Monday, Dec. 17, 1928
Too Much Smallpox
Surgeon General Hugh Smith Gumming of the Public Health Service, who guards the health of the nation's 120,000,000 people, made his annual accounting to Congress last week.
Smallpox, plague, yellow fever, cholera and typhus are prevalent in various parts of the world. Ships, immigrants, animals (especially rats) may bring the pests into the U. S. Dr. Cumming's small brigade of doctors, dentists, sanitarians, pharmacists, nurses and specialists inspected 21,631 ships, more than 2,000,000 passengers, more than 2,000,000 seamen at domestic, insular and foreign ports. Result: only seven cases of smallpox, one of leprosy and two of typhus reached U. S. quarantine.

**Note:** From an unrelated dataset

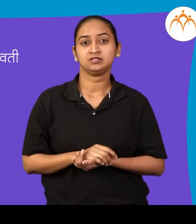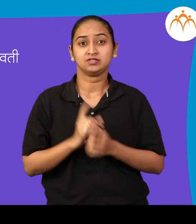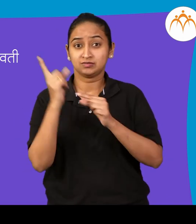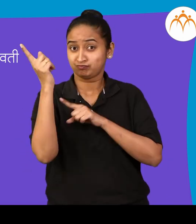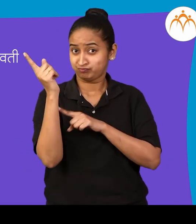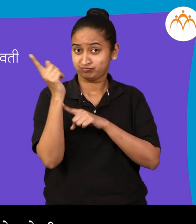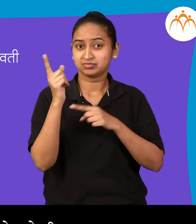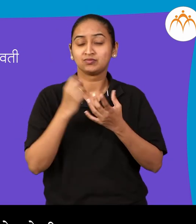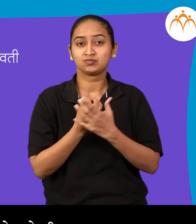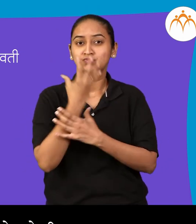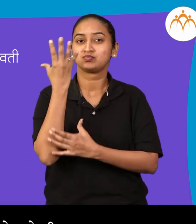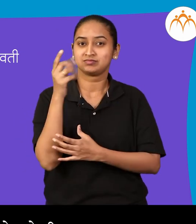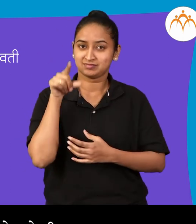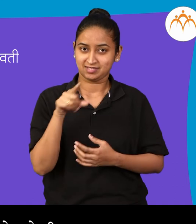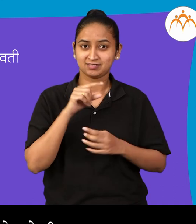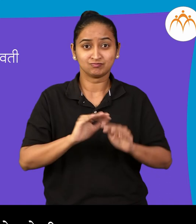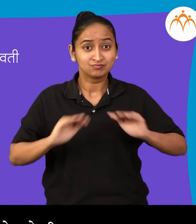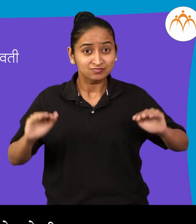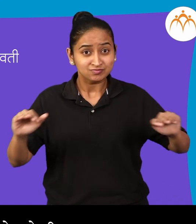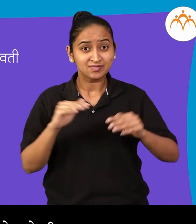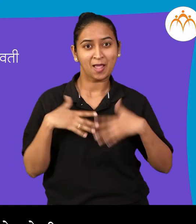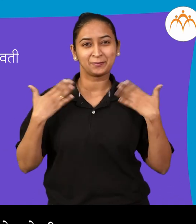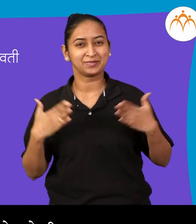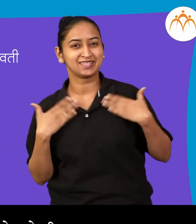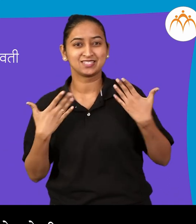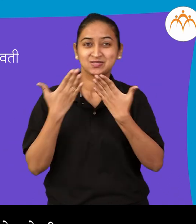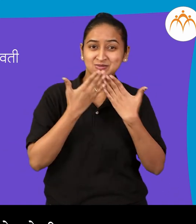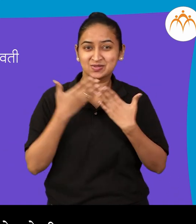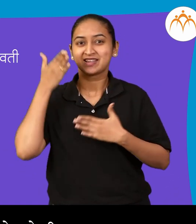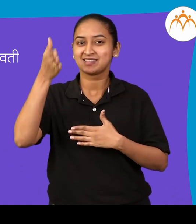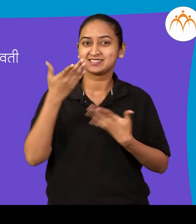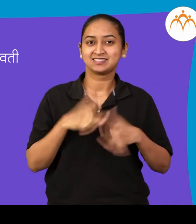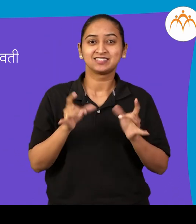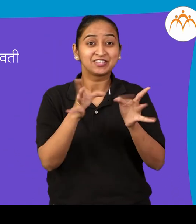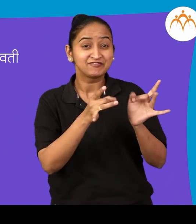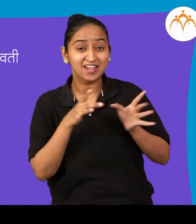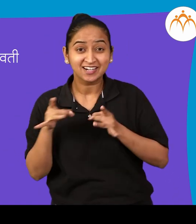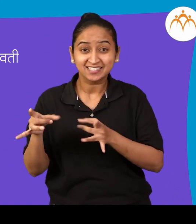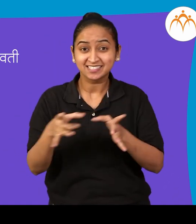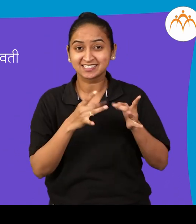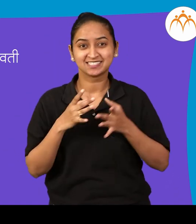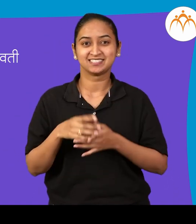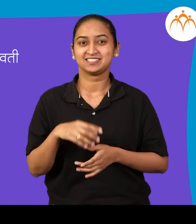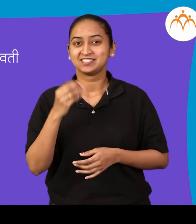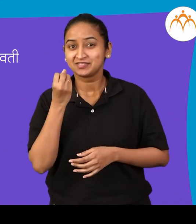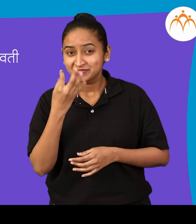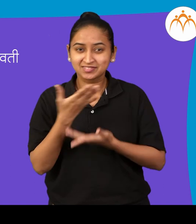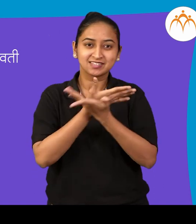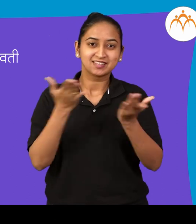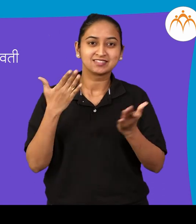मुले रमत गमत शायत गेली दिवाईत सग्या फरायाचा चट्टा

Neither here nor abroad were there any pandemic outbreaks of disease last year, and in no country with a modern public health organization did pestilences spread. India continues to harbor bubonic plague, as do French Indo-China, China, Algeria, Madagascar, Nigeria, Siam, Argentina, Ecuador, South Africa, Greece, Russia. Two people in California, however, caught bubonic plague last year--from ground squirrels.
Persons traveling to Siam, Cochin-China, China, and Iraq must still beware cholera; along West Africa yellow fever; in backward Europe typhus; everywhere smallpox.
The U. S. had more smallpox than any other country of the world, except India. This situation irritates Dr. Cumming, an habitually serene Virginian. Chidingly he wrote to Congress:
"It is difficult to understand why this condition is allowed to continue year after year. A large percentage of the property in this country is insured against loss by fire, and a man who fails to provide for his family by taking out life insurance is censured; yet, when smallpox is introduced into a community in the United States it usually finds many victims who have never been vaccinated and others who have not been vaccinated for many years. Nearly 34,000 cases of smallpox in the United States in the calendar year 1927 testify to the neglect of the people to utilize vaccination, the known means of preventing the disease."
Each year Dr. Cumming, who has been in the Public Health Service for more than 30 years and its surgeon general since Woodrow Wilson appointed him so in 1920, calls the health officers of all the states to a conference. Most of them attend and from his quiet, pointed talks get stamina to suppress disease within their districts. But six or seven states are so careless of their epidemiological work that their statistics are rarely considered in Dr. Cumming's survey of the nation's health. In the two score and more who habitually report, last year there were 4,000 needless deaths from measles, 7,000 from whooping cough. Infantile paralysis was a scourge chiefly because its prodromal symptoms are ignored and its after-effects ignorantly fought.
Dr. Cumming made a special point of telling Congress about the fundamental research the Public Health Service is making in various diseases--cancer, tuberculosis, goiter, leprosy, trachoma, undulant fever, typhus fever, Rocky Mountain spotted fever, pneumonia, venereal diseases.
Most Congressmen know Dr. Cumming personally. Few men are better known in Washington. When a telephone rings, and his soft voice asks something for his Public Health Service, he gets that something very quickly.